Although FP was shown previously to be an incidental and benign finding encountered on abdominal imaging studies [20], the clinical consequences of this condition have rarely been investigated and discussed among clinicians as its diagnosis was not routinely translated into clinical decision-making. To date, from the studies that have reported several disease associations with FP, none have tried to incorporate clinical parameters into a score that predicts the presence of FP. Herein, we generated a simple, easily available score with high accuracy based on the presence of three variables, including: obesity, hyperlipidemia and fatty liver with a good ROC of 0.77 and a very high specificity of 82.1–98.4%. Among patients with a score of 1, FP was absent in 98.1%, while among patients with a score of ≥2, FP was present in 35–56%.In fact, besides the incidental identification of patients with FP, this score enables clinicians to proactively identify and diagnose patients with FP, especially in the current era where data that report an association of FP with severe and life-threatening diseases are accumulating as demonstrated by recent studies [1,18]. In particular, this refers to the association of FP with pancreatic adenocarcinoma [20] and main-duct IPMN [18]. To summarize, this was the first time to show that incorporating several predictors of fatty pancreas in one score improves the probability of identifying this disorder. Similarly, incorporating multiple predictors in a score was shown to improve the probability of predicting common bile duct stone [21]. Therefore, our developed score built from modifiable variables opens the door to developing further accurate scores for FP in order to optimize the identification of patients with FP and to apply appropriate intervention.

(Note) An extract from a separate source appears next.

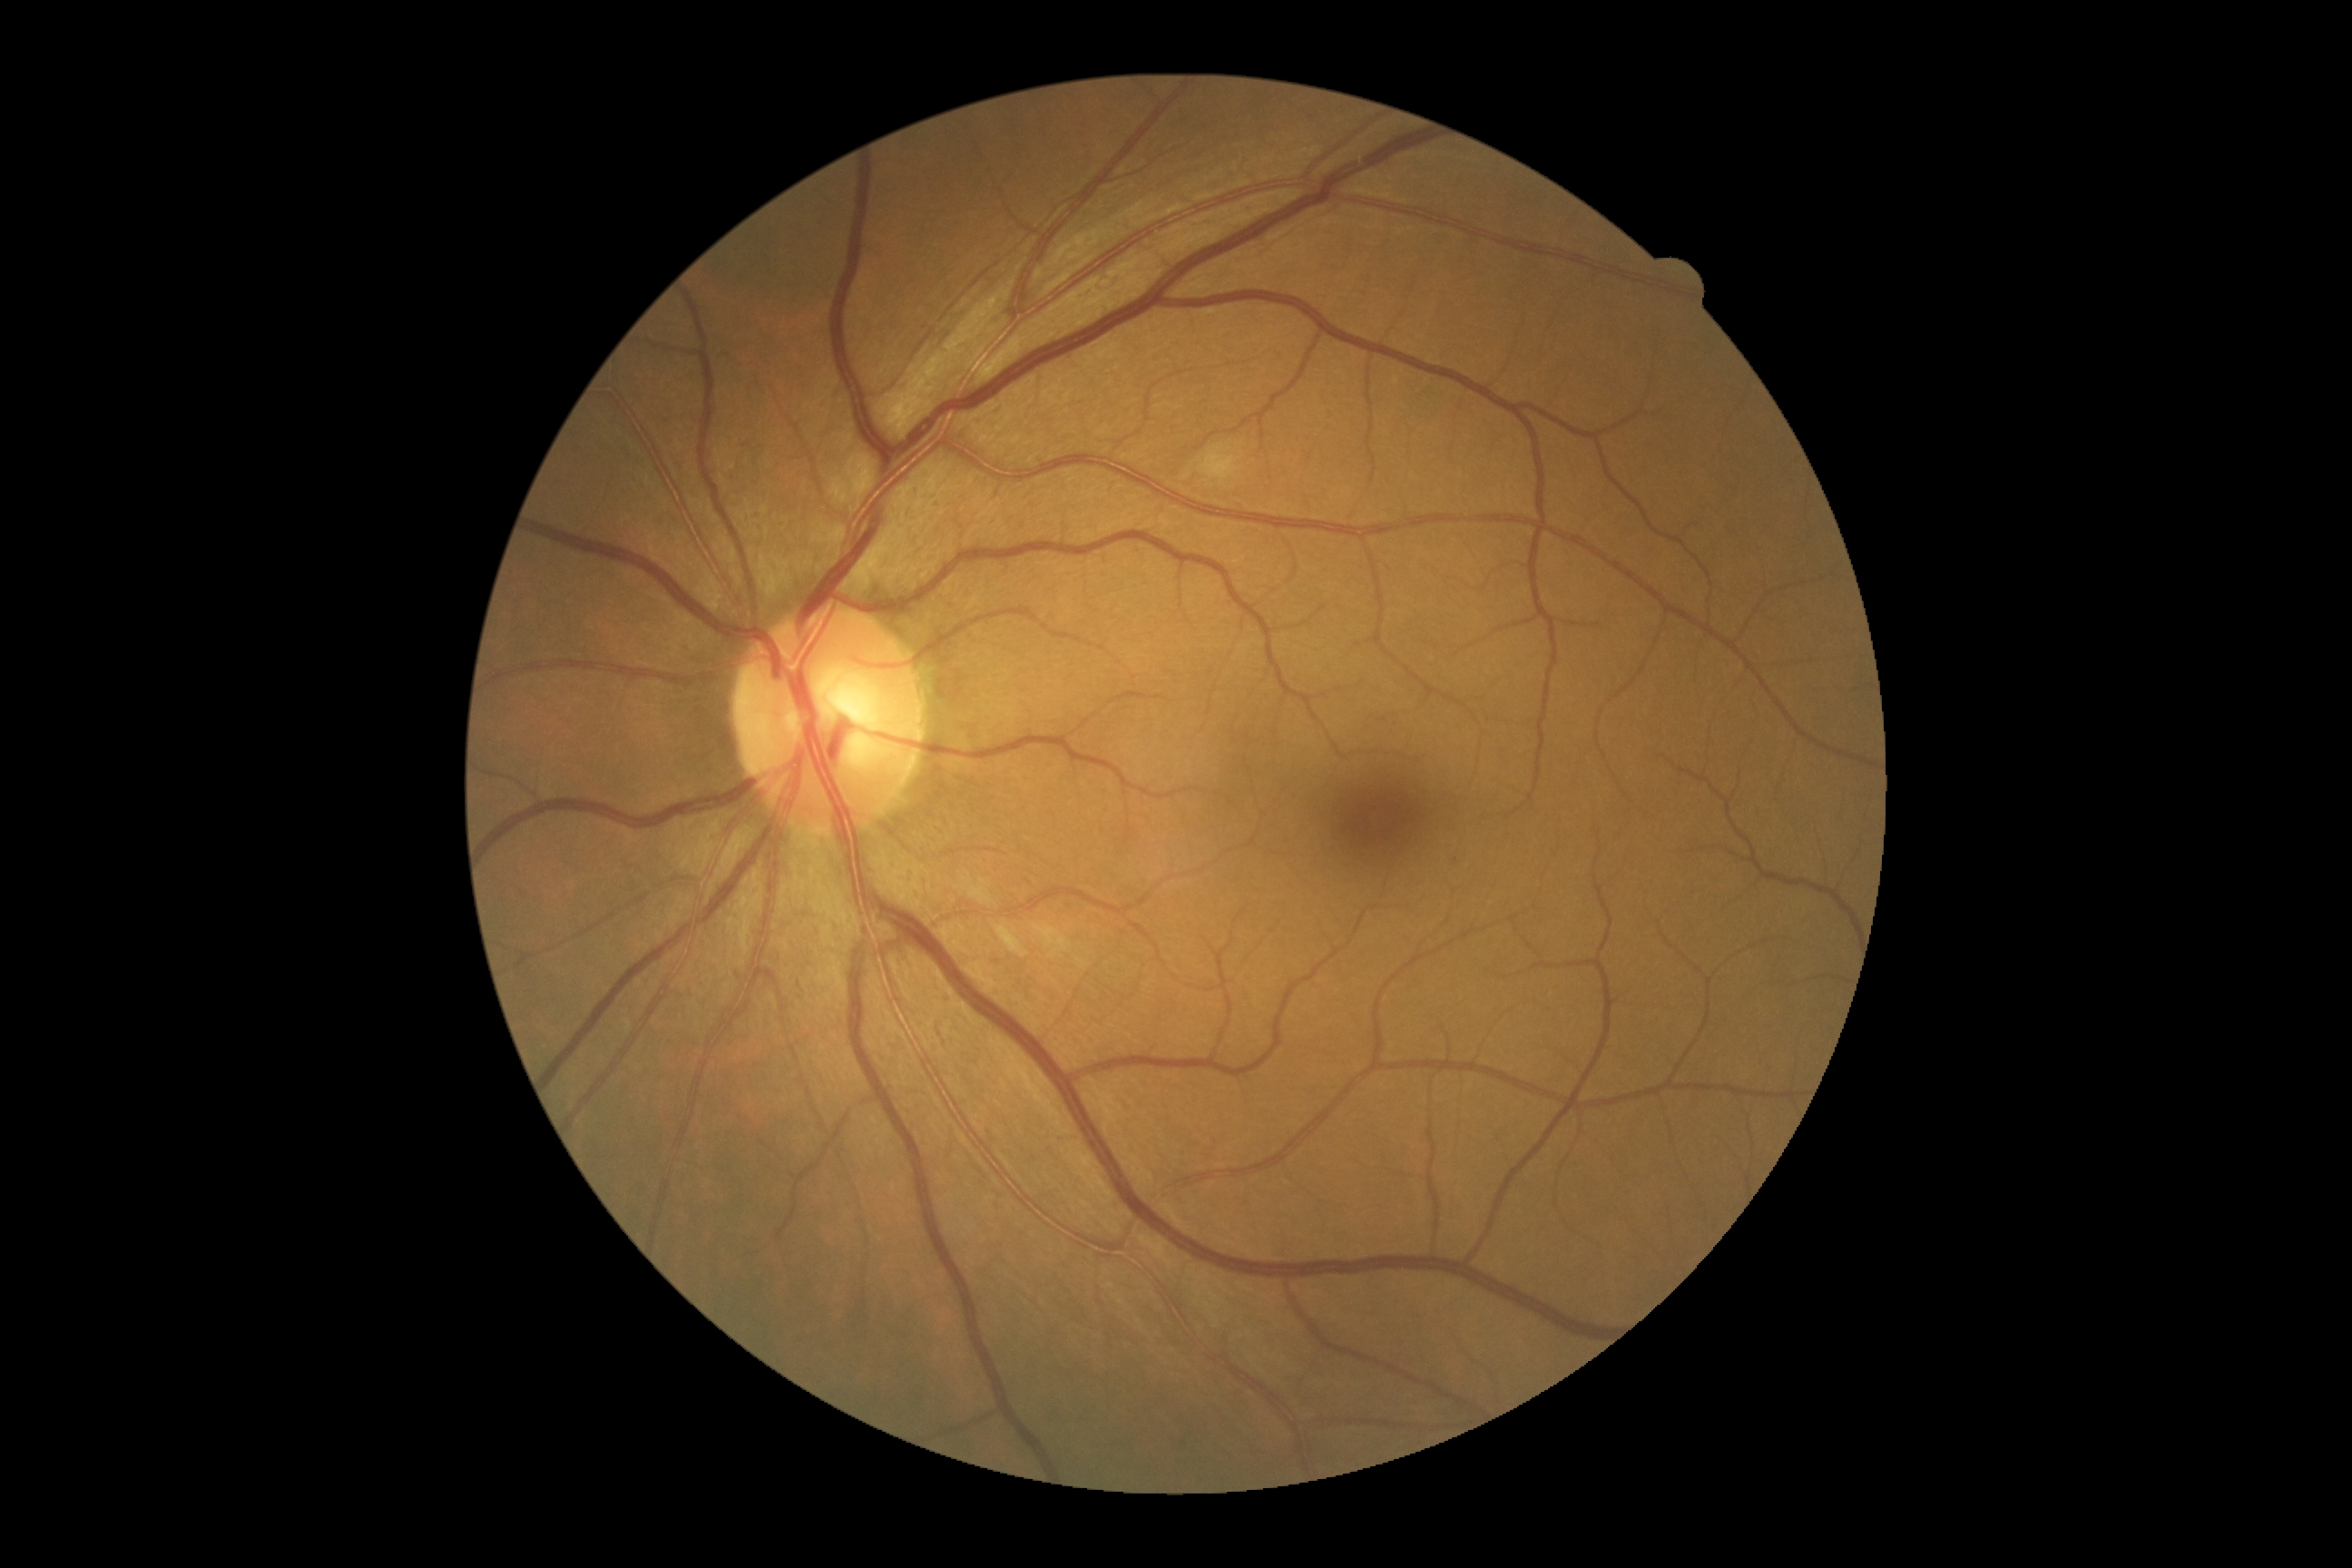

dr_grade: grade 2 (moderate NPDR)
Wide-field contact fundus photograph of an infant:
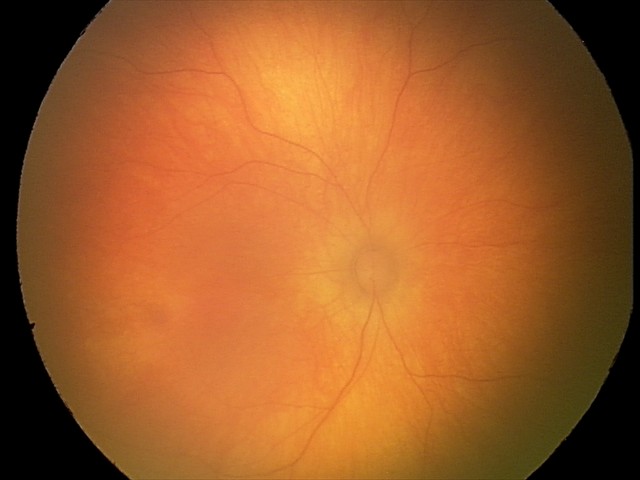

Therefore, this work provides clinicians with a simple score for identifying FP presence, as its identification is of paramount importance for assignment of treatment and follow-up plan for this potentially reversible disorder.

The limitations of this study its single-center nature and retrospective design and that we don’t have histological confirmation of pancreatic fatty infiltration; however, the straightforward endoscopic ultra-sonographic diagnosis of fatty pancreas as demonstrated by hyperechogenicity makes our diagnosis of FP reliable.

In conclusion, we have developed a scoring system for predicting the presence of FP. We recommend incorporating this score into clinical decision-making regarding the identification of such patients, especially as emerging evidence correlates FP to several pancreatic and extra-pancreatic diseases. Additional prospective studies should be performed to validate our findings and to better define the long-term consequences of FP.